* [Brief]:
Each line from the one that holds "assistant: הוא צרעת היא או כי ישוב הבשר" to the end of the records is to be retyped exactly. Pictures are not part of the copy.

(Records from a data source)

☆ ☆ ☆ ☆ ☆

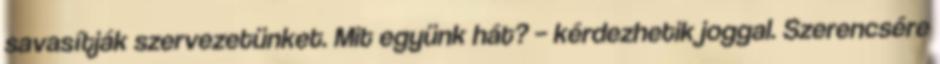
savasítják szervezetünket. Mit együnk hát? – kérdezhetik joggal. Szerencsére
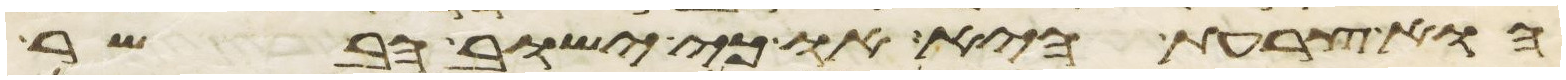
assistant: הוא צרעת היא או כי ישוב הבשר
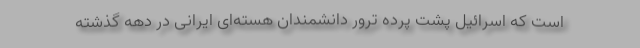
است که اسرائیل پشت پرده ترور دانشمندان هسته‌ای ایرانی در دهه گذشته
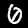
Digit: 0
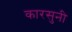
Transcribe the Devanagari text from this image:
कारसुनी
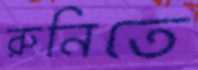
রুনিতে
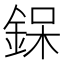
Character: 𮷰
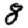
Digit: 8
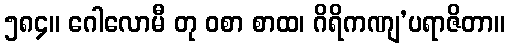
၅၈၄။ ဂေါလောမီ တု ဝစာ စာထ၊ ဂိရိကဏျ’ပရာဇိတာ။
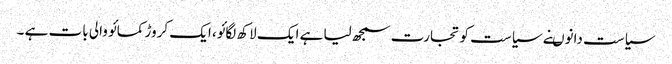
سیاست دانوںنے سیاست کو تجارت سمجھ لیا ہے ایک لاکھ لگائو، ایک کروڑ کمائو والی بات ہے ۔
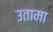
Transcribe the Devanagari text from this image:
उतामा
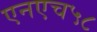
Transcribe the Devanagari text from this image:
एनएच५८
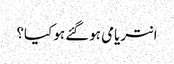
انتریامی ہوگئے ہو کیا؟
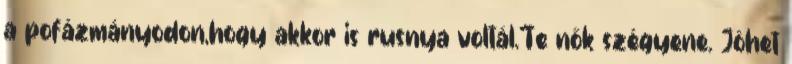
a pofázmányodon,hogy akkor is rusnya voltál.Te nők szégyene. Jöhet
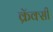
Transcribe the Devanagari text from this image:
क्रॅक्सी

☆ ☆ ☆ ☆ ☆

* [Solution below]:
assistant: הוא צרעת היא או כי ישוב הבשר
است که اسرائیل پشت پرده ترور دانشمندان هسته‌ای ایرانی در دهه گذشته
Digit: 0
Transcribe the Devanagari text from this image:
कारसुनी
রুনিতে
Character: 𮷰
Digit: 8
၅၈၄။ ဂေါလောမီ တု ဝစာ စာထ၊ ဂိရိကဏျ’ပရာဇိတာ။
سیاست دانوںنے سیاست کو تجارت سمجھ لیا ہے ایک لاکھ لگائو، ایک کروڑ کمائو والی بات ہے ۔
Transcribe the Devanagari text from this image:
उतामा
Transcribe the Devanagari text from this image:
एनएच५८
انتریامی ہوگئے ہو کیا؟
a pofázmányodon,hogy akkor is rusnya voltál.Te nők szégyene. Jöhet
Transcribe the Devanagari text from this image:
क्रॅक्सी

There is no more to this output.